Regulatory acceptance of in silico approaches for the safety assessment of cosmetic-related substances

Abstract In silico approaches are becoming increasingly important tools in toxicology. This is especially the case for the cosmetics industry, where growing numbers of regions are implementing bans on the in vivo testing of ingredients and products, resulting in an increased need to be able to generate safety data in vitro and/or in silico. ‘In silico’ data include results obtained from (quantitative) structure activity relationship ((Q)SAR) models, chemical categories, grouping, read-across and physiologically-based (pharmaco)kinetic (PB(P)K) models, and ‘big data’ analysis. There are general and more specific factors to be considered when using different in silico methods, many of which are described in the multitude of guidance documents available to support their use for regulatory purposes. There are particular challenges associated with the use of in silico approaches for cosmetic safety assessment, but with proper consideration and justification as to how they have been addressed, none should be insurmountable. Whilst in silico methods are currently predominantly used for internal rather than regulatory decision making, as confidence grows in their applicability and predictivity, this is likely to change. Many of the most commonly cited issues with the use of in silico approaches relate to the need for better documentation and justification as to why the method used was appropriate. It is also frequently stated that they should be used within a weight of evidence (WoE) approach and with all available data, rather than meeting regulatory requirements as a stand-alone method. Whilst these considerations are important, it should be remembered that they are equally applicable to data generated using in vitro and in vivo methods.
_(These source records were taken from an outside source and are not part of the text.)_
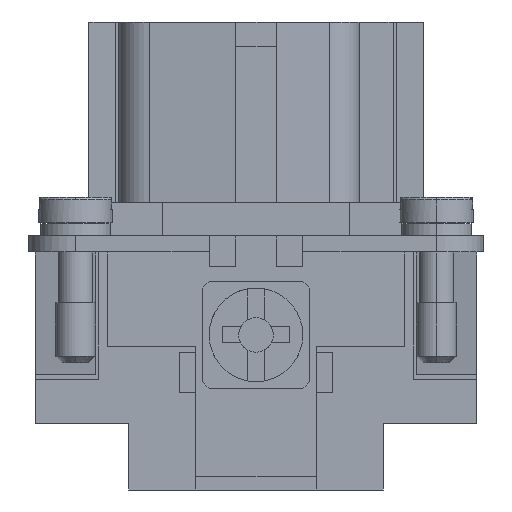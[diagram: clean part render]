
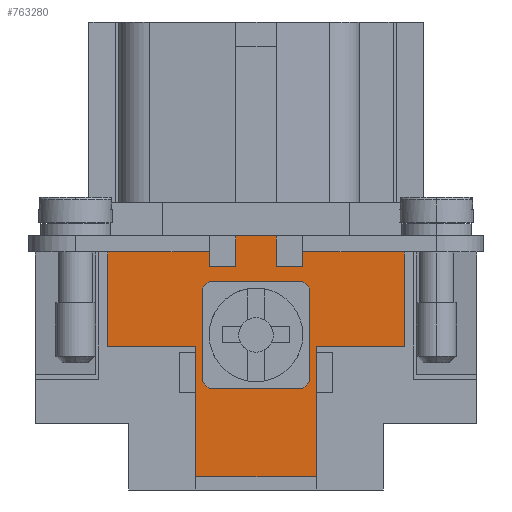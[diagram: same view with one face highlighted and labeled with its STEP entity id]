
A CAD part, left-side view. The second image highlights one B-rep face of the part: STEP entity #763280.
In plain terms, the highlighted planar face has unit normal (-1, 0, 0).
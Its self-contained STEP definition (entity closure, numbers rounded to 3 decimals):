
#519890=CARTESIAN_POINT('',(-46.25,1.5,19.));
#519900=DIRECTION('',(0.,0.,-1.));
#519910=VECTOR('',#519900,2.3);
#519920=LINE('',#519890,#519910);
#519930=CARTESIAN_POINT('',(-46.25,1.5,19.));
#519940=VERTEX_POINT('',#519930);
#519950=CARTESIAN_POINT('',(-46.25,1.5,16.7));
#519960=VERTEX_POINT('',#519950);
#519970=EDGE_CURVE('',#519940,#519960,#519920,.T.);
#580670=CARTESIAN_POINT('',(-46.25,-1.5,19.));
#580680=DIRECTION('',(0.,1.,0.));
#580690=VECTOR('',#580680,3.);
#580700=LINE('',#580670,#580690);
#580710=CARTESIAN_POINT('',(-46.25,-1.5,19.));
#580720=VERTEX_POINT('',#580710);
#580730=EDGE_CURVE('',#580720,#519940,#580700,.T.);
#624610=CARTESIAN_POINT('',(-46.25,11.1,17.8));
#624620=DIRECTION('',(0.,0.,-1.));
#624630=VECTOR('',#624620,7.1);
#624640=LINE('',#624610,#624630);
#624650=CARTESIAN_POINT('',(-46.25,11.1,17.8));
#624660=VERTEX_POINT('',#624650);
#624670=CARTESIAN_POINT('',(-46.25,11.1,10.7));
#624680=VERTEX_POINT('',#624670);
#624690=EDGE_CURVE('',#624660,#624680,#624640,.T.);
#624960=CARTESIAN_POINT('',(-46.25,-1.5,16.7));
#624970=VERTEX_POINT('',#624960);
#625050=CARTESIAN_POINT('',(-46.25,-3.5,16.7));
#625060=VERTEX_POINT('',#625050);
#625090=CARTESIAN_POINT('',(-46.25,-3.5,16.7));
#625100=DIRECTION('',(0.,1.,0.));
#625110=VECTOR('',#625100,2.);
#625120=LINE('',#625090,#625110);
#625130=EDGE_CURVE('',#625060,#624970,#625120,.T.);
#625250=CARTESIAN_POINT('',(-46.25,-1.5,16.7));
#625260=DIRECTION('',(0.,0.,1.));
#625270=VECTOR('',#625260,2.3);
#625280=LINE('',#625250,#625270);
#625290=EDGE_CURVE('',#624970,#580720,#625280,.T.);
#625440=CARTESIAN_POINT('',(-46.25,3.5,16.7));
#625450=VERTEX_POINT('',#625440);
#625500=CARTESIAN_POINT('',(-46.25,1.5,16.7));
#625510=DIRECTION('',(0.,1.,0.));
#625520=VECTOR('',#625510,2.);
#625530=LINE('',#625500,#625520);
#625540=EDGE_CURVE('',#519960,#625450,#625530,.T.);
#625680=CARTESIAN_POINT('',(-46.25,4.5,10.7));
#625690=VERTEX_POINT('',#625680);
#625740=CARTESIAN_POINT('',(-46.25,11.1,10.7));
#625750=DIRECTION('',(0.,-1.,0.));
#625760=VECTOR('',#625750,6.6);
#625770=LINE('',#625740,#625760);
#625780=EDGE_CURVE('',#624680,#625690,#625770,.T.);
#626060=CARTESIAN_POINT('',(-46.25,-11.1,10.7));
#626070=VERTEX_POINT('',#626060);
#626150=CARTESIAN_POINT('',(-46.25,-4.5,10.7));
#626160=VERTEX_POINT('',#626150);
#626190=CARTESIAN_POINT('',(-46.25,-4.5,10.7));
#626200=DIRECTION('',(0.,-1.,0.));
#626210=VECTOR('',#626200,6.6);
#626220=LINE('',#626190,#626210);
#626230=EDGE_CURVE('',#626160,#626070,#626220,.T.);
#626350=CARTESIAN_POINT('',(-46.25,-11.1,10.7));
#626360=DIRECTION('',(0.,0.,1.));
#626370=VECTOR('',#626360,7.1);
#626380=LINE('',#626350,#626370);
#626390=CARTESIAN_POINT('',(-46.25,-11.1,17.8));
#626400=VERTEX_POINT('',#626390);
#626410=EDGE_CURVE('',#626070,#626400,#626380,.T.);
#626870=CARTESIAN_POINT('',(-46.25,3.5,17.8));
#626880=VERTEX_POINT('',#626870);
#626910=CARTESIAN_POINT('',(-46.25,11.1,17.8));
#626920=DIRECTION('',(0.,-1.,0.));
#626930=VECTOR('',#626920,7.6);
#626940=LINE('',#626910,#626930);
#626950=EDGE_CURVE('',#624660,#626880,#626940,.T.);
#627180=CARTESIAN_POINT('',(-46.25,3.5,16.7));
#627190=DIRECTION('',(0.,0.,1.));
#627200=VECTOR('',#627190,1.1);
#627210=LINE('',#627180,#627200);
#627220=EDGE_CURVE('',#625450,#626880,#627210,.T.);
#627940=CARTESIAN_POINT('',(-46.25,-3.5,17.8));
#627950=VERTEX_POINT('',#627940);
#628230=CARTESIAN_POINT('',(-46.25,-3.5,17.8));
#628240=DIRECTION('',(0.,-1.,0.));
#628250=VECTOR('',#628240,7.6);
#628260=LINE('',#628230,#628250);
#628270=EDGE_CURVE('',#627950,#626400,#628260,.T.);
#629220=CARTESIAN_POINT('',(-46.25,-3.5,17.8));
#629230=DIRECTION('',(0.,0.,-1.));
#629240=VECTOR('',#629230,1.1);
#629250=LINE('',#629220,#629240);
#629260=EDGE_CURVE('',#627950,#625060,#629250,.T.);
#760940=CARTESIAN_POINT('',(-46.25,-4.5,7.3));
#760950=VERTEX_POINT('',#760940);
#761120=CARTESIAN_POINT('',(-46.25,-4.5,10.3));
#761130=VERTEX_POINT('',#761120);
#761160=CARTESIAN_POINT('',(-46.25,-4.5,16.203));
#761170=DIRECTION('',(0.,0.,-1.));
#761180=VECTOR('',#761170,1.);
#761190=LINE('',#761160,#761180);
#761200=EDGE_CURVE('',#626160,#761130,#761190,.T.);
#761390=CARTESIAN_POINT('',(-46.25,-4.5,1.));
#761400=VERTEX_POINT('',#761390);
#761430=EDGE_CURVE('',#760950,#761400,#761190,.T.);
#761580=CARTESIAN_POINT('',(-46.25,4.5,3.874));
#761590=DIRECTION('',(0.,0.,1.));
#761600=VECTOR('',#761590,1.);
#761610=LINE('',#761580,#761600);
#761620=CARTESIAN_POINT('',(-46.25,4.5,10.3));
#761630=VERTEX_POINT('',#761620);
#761640=EDGE_CURVE('',#761630,#625690,#761610,.T.);
#761860=CARTESIAN_POINT('',(-46.25,4.5,7.3));
#761870=VERTEX_POINT('',#761860);
#761900=CARTESIAN_POINT('',(-46.25,4.5,1.));
#761910=VERTEX_POINT('',#761900);
#761920=EDGE_CURVE('',#761910,#761870,#761610,.T.);
#762200=CARTESIAN_POINT('',(-46.25,0.,10.));
#762210=DIRECTION('',(-1.,0.,-0.));
#762220=DIRECTION('',(-0.,1.,0.));
#762230=AXIS2_PLACEMENT_3D('',#762200,#762210,#762220);
#762240=PLANE('',#762230);
#762250=ORIENTED_EDGE('',*,*,#625780,.T.);
#762260=ORIENTED_EDGE('',*,*,#624690,.T.);
#762270=ORIENTED_EDGE('',*,*,#626950,.F.);
#762280=ORIENTED_EDGE('',*,*,#627220,.T.);
#762290=ORIENTED_EDGE('',*,*,#625540,.T.);
#762300=ORIENTED_EDGE('',*,*,#519970,.T.);
#762310=ORIENTED_EDGE('',*,*,#580730,.T.);
#762320=ORIENTED_EDGE('',*,*,#625290,.T.);
#762330=ORIENTED_EDGE('',*,*,#625130,.T.);
#762340=ORIENTED_EDGE('',*,*,#629260,.T.);
#762350=ORIENTED_EDGE('',*,*,#628270,.F.);
#762360=ORIENTED_EDGE('',*,*,#626410,.T.);
#762370=ORIENTED_EDGE('',*,*,#626230,.T.);
#762380=ORIENTED_EDGE('',*,*,#761200,.F.);
#762390=CARTESIAN_POINT('',(-46.25,-4.5,0.));
#762400=DIRECTION('',(0.,0.,-1.));
#762410=VECTOR('',#762400,1.);
#762420=LINE('',#762390,#762410);
#762430=EDGE_CURVE('',#761130,#760950,#762420,.T.);
#762440=ORIENTED_EDGE('',*,*,#762430,.F.);
#762450=ORIENTED_EDGE('',*,*,#761430,.F.);
#762460=CARTESIAN_POINT('',(-46.25,4.5,1.));
#762470=DIRECTION('',(0.,-1.,0.));
#762480=VECTOR('',#762470,9.);
#762490=LINE('',#762460,#762480);
#762500=EDGE_CURVE('',#761910,#761400,#762490,.T.);
#762510=ORIENTED_EDGE('',*,*,#762500,.T.);
#762520=ORIENTED_EDGE('',*,*,#761920,.F.);
#762530=CARTESIAN_POINT('',(-46.25,4.5,0.));
#762540=DIRECTION('',(0.,0.,1.));
#762550=VECTOR('',#762540,1.);
#762560=LINE('',#762530,#762550);
#762570=EDGE_CURVE('',#761870,#761630,#762560,.T.);
#762580=ORIENTED_EDGE('',*,*,#762570,.F.);
#762590=ORIENTED_EDGE('',*,*,#761640,.F.);
#762600=EDGE_LOOP('',(#762590,#762580,#762520,#762510,#762450,#762440,
#762380,#762370,#762360,#762350,#762340,#762330,#762320,#762310,#762300,
#762290,#762280,#762270,#762260,#762250));
#762610=FACE_OUTER_BOUND('',#762600,.T.);
#762620=CARTESIAN_POINT('',(-46.25,4.,0.));
#762630=DIRECTION('',(0.,0.,-1.));
#762640=VECTOR('',#762630,1.);
#762650=LINE('',#762620,#762640);
#762660=CARTESIAN_POINT('',(-46.25,4.,15.1));
#762670=VERTEX_POINT('',#762660);
#762680=CARTESIAN_POINT('',(-46.25,4.,8.1));
#762690=VERTEX_POINT('',#762680);
#762700=EDGE_CURVE('',#762670,#762690,#762650,.T.);
#762710=ORIENTED_EDGE('',*,*,#762700,.F.);
#762720=CARTESIAN_POINT('',(-46.25,-4.1,0.));
#762730=DIRECTION('',(0.,-0.707,-0.707));
#762740=VECTOR('',#762730,1.);
#762750=LINE('',#762720,#762740);
#762760=CARTESIAN_POINT('',(-46.25,3.5,7.6));
#762770=VERTEX_POINT('',#762760);
#762780=EDGE_CURVE('',#762690,#762770,#762750,.T.);
#762790=ORIENTED_EDGE('',*,*,#762780,.F.);
#762800=CARTESIAN_POINT('',(-46.25,0.,7.6));
#762810=DIRECTION('',(0.,-1.,0.));
#762820=VECTOR('',#762810,1.);
#762830=LINE('',#762800,#762820);
#762840=CARTESIAN_POINT('',(-46.25,-3.5,7.6));
#762850=VERTEX_POINT('',#762840);
#762860=EDGE_CURVE('',#762770,#762850,#762830,.T.);
#762870=ORIENTED_EDGE('',*,*,#762860,.F.);
#762880=CARTESIAN_POINT('',(-46.25,0.,4.1));
#762890=DIRECTION('',(0.,-0.707,0.707));
#762900=VECTOR('',#762890,1.);
#762910=LINE('',#762880,#762900);
#762920=CARTESIAN_POINT('',(-46.25,-4.,8.1));
#762930=VERTEX_POINT('',#762920);
#762940=EDGE_CURVE('',#762850,#762930,#762910,.T.);
#762950=ORIENTED_EDGE('',*,*,#762940,.F.);
#762960=CARTESIAN_POINT('',(-46.25,-4.,0.));
#762970=DIRECTION('',(0.,0.,1.));
#762980=VECTOR('',#762970,1.);
#762990=LINE('',#762960,#762980);
#763000=CARTESIAN_POINT('',(-46.25,-4.,15.1));
#763010=VERTEX_POINT('',#763000);
#763020=EDGE_CURVE('',#762930,#763010,#762990,.T.);
#763030=ORIENTED_EDGE('',*,*,#763020,.F.);
#763040=CARTESIAN_POINT('',(-46.25,-19.1,0.));
#763050=DIRECTION('',(0.,0.707,0.707));
#763060=VECTOR('',#763050,1.);
#763070=LINE('',#763040,#763060);
#763080=CARTESIAN_POINT('',(-46.25,-3.5,15.6));
#763090=VERTEX_POINT('',#763080);
#763100=EDGE_CURVE('',#763010,#763090,#763070,.T.);
#763110=ORIENTED_EDGE('',*,*,#763100,.F.);
#763120=CARTESIAN_POINT('',(-46.25,0.,15.6));
#763130=DIRECTION('',(0.,1.,0.));
#763140=VECTOR('',#763130,1.);
#763150=LINE('',#763120,#763140);
#763160=CARTESIAN_POINT('',(-46.25,3.5,15.6));
#763170=VERTEX_POINT('',#763160);
#763180=EDGE_CURVE('',#763090,#763170,#763150,.T.);
#763190=ORIENTED_EDGE('',*,*,#763180,.F.);
#763200=CARTESIAN_POINT('',(-46.25,0.,19.1));
#763210=DIRECTION('',(0.,0.707,-0.707));
#763220=VECTOR('',#763210,1.);
#763230=LINE('',#763200,#763220);
#763240=EDGE_CURVE('',#763170,#762670,#763230,.T.);
#763250=ORIENTED_EDGE('',*,*,#763240,.F.);
#763260=EDGE_LOOP('',(#763250,#763190,#763110,#763030,#762950,#762870,
#762790,#762710));
#763270=FACE_BOUND('',#763260,.T.);
#763280=ADVANCED_FACE('',(#762610,#763270),#762240,.T.);

[1]  T Burgdorf,et al.  Workshop on acceleration of the validation and regulatory acceptance of alternative methods and implementation of testing strategies. , 2018, Toxicology in vitro : an international journal published in association with BIBRA.

[2]  Richard Cubberley,et al.  Applying the skin sensitisation adverse outcome pathway (AOP) to quantitative risk assessment. , 2014, Toxicology in vitro : an international journal published in association with BIBRA.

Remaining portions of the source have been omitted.